Von Karin Hahn | 29.03.2014
    Ob Erich Kästners "Emil und die Detektive", Louis Pergauds "Krieg der Knöpfe", Kurt Helds "Die rote Zora und ihre Bande", "Vorstadtkrokodile" von Max von der Grün oder Cornelia Funkes "Herr der Diebe" – es sind die Kinder, die im Großen wie im Kleinen ihr Leben trotz aller Probleme selbstbestimmt in die Hand nehmen. Die Kinderbande feiert in den aktuellen Kinderbüchern ihre Rückkehr.
    Nina Weger, Frank Maria Reifenberg, Gina Mayer, Antje Herden und Katarina Mazetti erzählen in ihren aktuellen Büchern von Kindern, die Freiheit und Eigenständigkeit in einer Gemeinschaft entdecken dürfen.

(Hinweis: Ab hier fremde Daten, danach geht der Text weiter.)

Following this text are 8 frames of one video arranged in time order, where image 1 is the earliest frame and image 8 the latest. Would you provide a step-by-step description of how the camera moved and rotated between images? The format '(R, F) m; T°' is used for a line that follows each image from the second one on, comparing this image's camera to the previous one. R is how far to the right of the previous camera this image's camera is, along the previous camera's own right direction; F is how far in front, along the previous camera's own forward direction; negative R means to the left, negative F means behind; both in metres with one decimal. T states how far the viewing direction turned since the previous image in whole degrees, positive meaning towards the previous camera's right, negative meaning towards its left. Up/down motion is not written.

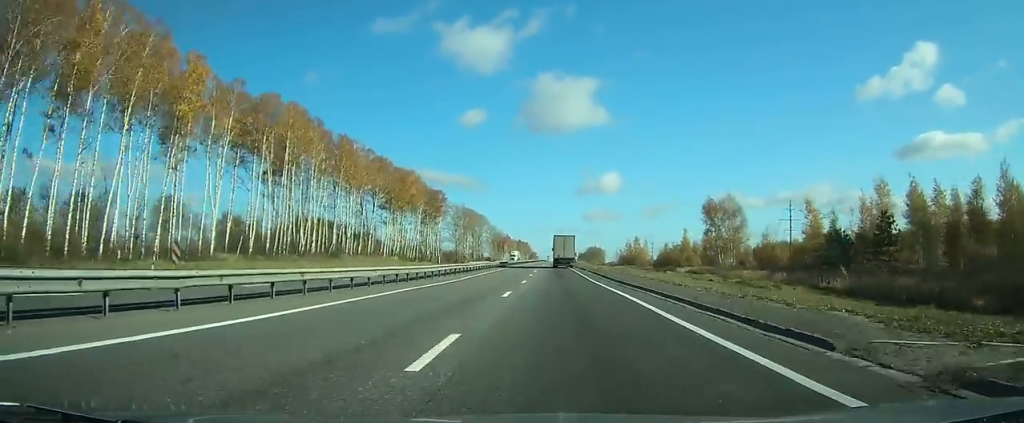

    Sicher waren sie nie weg, die Banden in der Kinderliteratur, aber auffällig ist doch, dass immer mehr Autoren sie wieder für sich entdecken. Dabei ist für viele Mädchen und Jungen heutzutage die Zeit der unbeaufsichtigten Kindheit längst vorbei. Ihr Leben ist durch den stressigen Schulalltag und diverse Freizeitaktivitäten Tag für Tag durchgetaktet. Wenn sich Kinder heute verabreden, dann spielen sie meistens zu zweit.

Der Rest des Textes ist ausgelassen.